II. По сему единое преобладающее правило да будет как между помянутыми властями, так и подданными их приносить друг другу услуги, оказывать взаимное доброжелательство и любовь, почитать всех себя как бы членами единаго народа христианскаго, поелику три союзные государя почитают себя яко поставленными от Провидения для укрепления тремя единаго семейства отраслями, а именно Австрией, Пруссией и Россией...»
Для Александра этот акт означал не только окончательную победу над врагом, но и начало новой эры, создание, говоря современным языком, «общеевропейского дома», правители и народы которого объединены отныне общеевропейскими христианскими ценностями и должны помогать друг другу в борьбе против любых революционных потрясений.
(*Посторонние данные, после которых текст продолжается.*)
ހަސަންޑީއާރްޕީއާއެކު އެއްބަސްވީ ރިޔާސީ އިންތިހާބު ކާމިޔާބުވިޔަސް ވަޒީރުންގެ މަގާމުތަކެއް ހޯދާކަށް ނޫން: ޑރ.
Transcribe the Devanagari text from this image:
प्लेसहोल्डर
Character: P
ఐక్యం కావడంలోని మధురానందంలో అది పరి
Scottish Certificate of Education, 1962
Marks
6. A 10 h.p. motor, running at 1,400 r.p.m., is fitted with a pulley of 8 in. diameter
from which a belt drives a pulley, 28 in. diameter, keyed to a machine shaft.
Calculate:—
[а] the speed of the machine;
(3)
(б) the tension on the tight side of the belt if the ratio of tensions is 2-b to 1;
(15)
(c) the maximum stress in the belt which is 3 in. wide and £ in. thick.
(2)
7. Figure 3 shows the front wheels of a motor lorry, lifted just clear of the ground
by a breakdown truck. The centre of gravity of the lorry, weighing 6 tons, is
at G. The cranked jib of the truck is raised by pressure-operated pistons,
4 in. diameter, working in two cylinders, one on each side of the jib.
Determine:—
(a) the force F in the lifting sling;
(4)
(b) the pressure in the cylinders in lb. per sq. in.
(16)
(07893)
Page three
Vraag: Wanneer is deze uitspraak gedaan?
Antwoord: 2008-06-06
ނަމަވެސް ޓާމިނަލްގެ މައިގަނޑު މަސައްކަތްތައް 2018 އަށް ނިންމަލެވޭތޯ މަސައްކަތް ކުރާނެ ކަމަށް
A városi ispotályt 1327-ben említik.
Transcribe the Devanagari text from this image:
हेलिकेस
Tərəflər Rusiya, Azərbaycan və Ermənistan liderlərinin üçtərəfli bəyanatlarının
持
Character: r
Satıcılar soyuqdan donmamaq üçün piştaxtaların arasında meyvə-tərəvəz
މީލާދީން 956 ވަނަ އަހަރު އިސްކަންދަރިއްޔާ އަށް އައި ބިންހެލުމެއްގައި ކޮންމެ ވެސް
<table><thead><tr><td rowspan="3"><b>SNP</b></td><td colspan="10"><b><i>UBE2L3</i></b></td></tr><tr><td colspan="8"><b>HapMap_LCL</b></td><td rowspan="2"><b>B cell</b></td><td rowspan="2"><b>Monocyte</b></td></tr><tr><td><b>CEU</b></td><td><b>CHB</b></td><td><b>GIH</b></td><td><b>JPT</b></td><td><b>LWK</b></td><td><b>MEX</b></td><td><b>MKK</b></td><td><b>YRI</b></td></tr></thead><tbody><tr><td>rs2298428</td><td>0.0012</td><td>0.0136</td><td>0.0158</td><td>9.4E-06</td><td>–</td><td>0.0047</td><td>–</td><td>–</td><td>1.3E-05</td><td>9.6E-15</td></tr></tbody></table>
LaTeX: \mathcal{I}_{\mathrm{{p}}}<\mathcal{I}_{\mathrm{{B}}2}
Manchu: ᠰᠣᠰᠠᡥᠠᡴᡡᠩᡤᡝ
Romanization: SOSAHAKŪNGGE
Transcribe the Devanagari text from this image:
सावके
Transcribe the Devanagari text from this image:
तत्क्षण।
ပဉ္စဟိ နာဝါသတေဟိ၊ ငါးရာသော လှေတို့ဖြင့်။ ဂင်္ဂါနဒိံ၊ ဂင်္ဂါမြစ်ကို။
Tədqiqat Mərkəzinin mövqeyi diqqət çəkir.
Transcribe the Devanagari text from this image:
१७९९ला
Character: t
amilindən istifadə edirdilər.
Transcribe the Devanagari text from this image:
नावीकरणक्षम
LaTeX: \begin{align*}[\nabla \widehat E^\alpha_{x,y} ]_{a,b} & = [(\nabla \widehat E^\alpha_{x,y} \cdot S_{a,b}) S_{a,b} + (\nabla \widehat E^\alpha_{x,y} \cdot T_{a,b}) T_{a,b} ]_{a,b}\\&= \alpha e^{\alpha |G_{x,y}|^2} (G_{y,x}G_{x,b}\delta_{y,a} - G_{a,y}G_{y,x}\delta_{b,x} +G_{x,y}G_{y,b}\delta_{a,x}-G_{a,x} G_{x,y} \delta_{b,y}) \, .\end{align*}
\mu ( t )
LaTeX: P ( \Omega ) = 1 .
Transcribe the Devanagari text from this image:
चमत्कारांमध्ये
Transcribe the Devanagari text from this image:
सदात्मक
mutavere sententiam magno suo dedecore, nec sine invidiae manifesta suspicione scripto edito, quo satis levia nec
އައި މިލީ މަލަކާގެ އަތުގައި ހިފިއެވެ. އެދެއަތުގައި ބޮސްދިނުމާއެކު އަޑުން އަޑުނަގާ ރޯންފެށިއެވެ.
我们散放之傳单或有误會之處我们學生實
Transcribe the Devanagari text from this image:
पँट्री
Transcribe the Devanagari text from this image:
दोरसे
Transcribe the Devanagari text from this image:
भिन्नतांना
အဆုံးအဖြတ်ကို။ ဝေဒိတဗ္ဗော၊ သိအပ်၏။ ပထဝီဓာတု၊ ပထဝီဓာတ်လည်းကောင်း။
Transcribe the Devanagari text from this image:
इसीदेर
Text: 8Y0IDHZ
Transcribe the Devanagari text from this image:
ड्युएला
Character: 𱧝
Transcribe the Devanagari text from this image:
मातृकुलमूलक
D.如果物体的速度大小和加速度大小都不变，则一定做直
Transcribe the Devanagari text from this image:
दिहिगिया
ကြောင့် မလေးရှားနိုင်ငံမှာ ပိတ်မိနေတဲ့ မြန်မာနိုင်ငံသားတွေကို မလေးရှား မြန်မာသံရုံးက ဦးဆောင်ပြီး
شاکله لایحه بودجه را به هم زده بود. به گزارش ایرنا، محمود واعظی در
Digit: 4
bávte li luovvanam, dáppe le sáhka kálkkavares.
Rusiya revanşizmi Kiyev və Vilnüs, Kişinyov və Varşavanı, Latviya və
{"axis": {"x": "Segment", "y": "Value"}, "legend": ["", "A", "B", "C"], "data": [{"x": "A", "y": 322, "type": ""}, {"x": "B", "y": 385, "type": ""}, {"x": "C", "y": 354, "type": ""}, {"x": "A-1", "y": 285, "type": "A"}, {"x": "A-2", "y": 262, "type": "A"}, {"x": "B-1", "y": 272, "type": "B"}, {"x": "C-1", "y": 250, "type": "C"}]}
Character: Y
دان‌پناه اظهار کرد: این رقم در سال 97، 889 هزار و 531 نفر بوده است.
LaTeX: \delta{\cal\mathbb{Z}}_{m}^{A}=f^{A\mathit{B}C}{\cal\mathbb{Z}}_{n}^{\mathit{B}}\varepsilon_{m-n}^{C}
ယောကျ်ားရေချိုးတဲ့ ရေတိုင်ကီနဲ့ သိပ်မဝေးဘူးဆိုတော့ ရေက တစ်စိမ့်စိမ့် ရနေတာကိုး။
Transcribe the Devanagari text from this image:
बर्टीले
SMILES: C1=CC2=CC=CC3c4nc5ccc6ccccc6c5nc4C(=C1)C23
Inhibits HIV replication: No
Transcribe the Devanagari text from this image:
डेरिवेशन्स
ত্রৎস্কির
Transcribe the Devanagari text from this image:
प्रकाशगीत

С этого времени сохранение Священного союза и созданной с его помощью европейской «системы» стало главной целью внешней политики Александра I. По его инициативе собирались конгрессы союза. В ответ на революционные движения в Италии, Испании и Португалии на конгрессе 1821 года была принята предложенная им декларация о праве вооружённого вмешательства в дела любой страны, которой угрожает революция. Через два года с санкции Священного союза войска королевской Франции подавили революцию в Испании.